-- EXTRACTED INFORMATION --
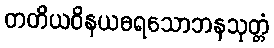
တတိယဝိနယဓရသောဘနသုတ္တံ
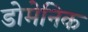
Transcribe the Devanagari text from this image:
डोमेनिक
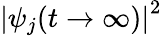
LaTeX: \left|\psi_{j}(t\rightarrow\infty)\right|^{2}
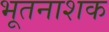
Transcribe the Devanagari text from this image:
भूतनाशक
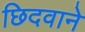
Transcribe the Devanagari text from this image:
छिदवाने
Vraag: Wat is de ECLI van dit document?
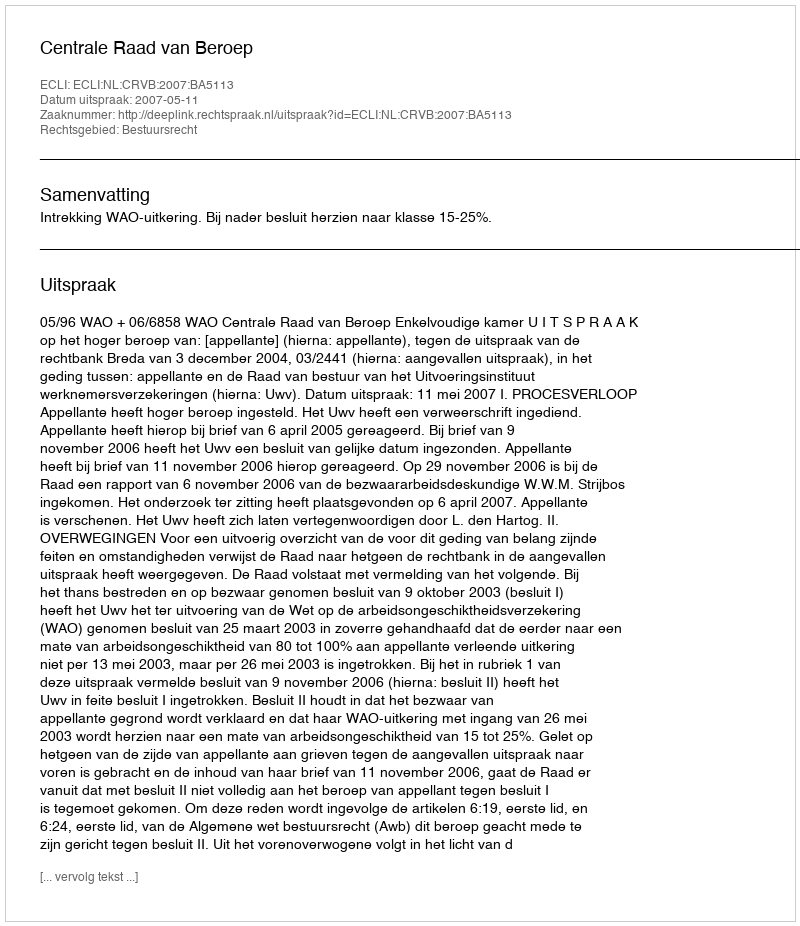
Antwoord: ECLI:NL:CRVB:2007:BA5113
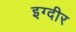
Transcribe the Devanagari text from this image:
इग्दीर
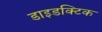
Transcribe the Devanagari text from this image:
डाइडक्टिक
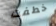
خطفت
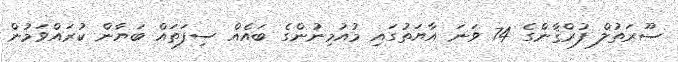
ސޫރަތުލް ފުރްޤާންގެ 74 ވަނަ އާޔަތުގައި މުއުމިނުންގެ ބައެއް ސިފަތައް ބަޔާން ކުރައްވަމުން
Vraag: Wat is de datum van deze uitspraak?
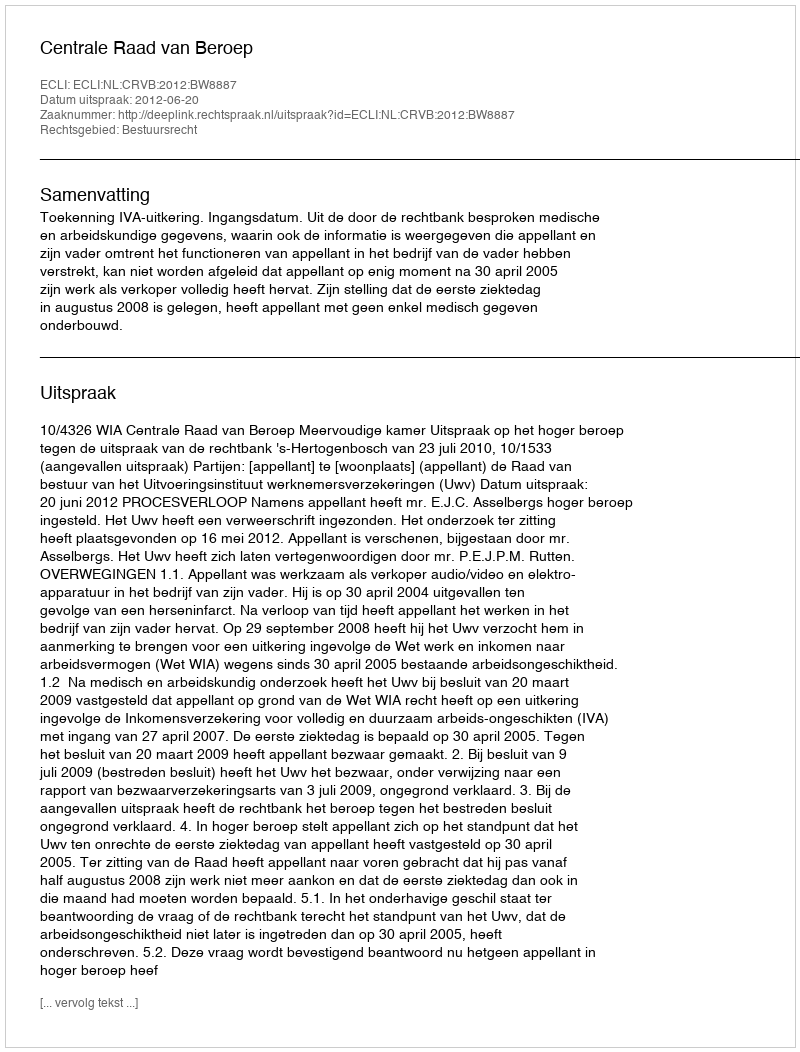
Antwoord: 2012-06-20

-- ASSIGNMENT --
Looking through the records, copy out every line in which the word "ECLI" is found.

-- EXPECTED OUTPUT --
Vraag: Wat is de ECLI van dit document?
Antwoord: ECLI:NL:CRVB:2007:BA5113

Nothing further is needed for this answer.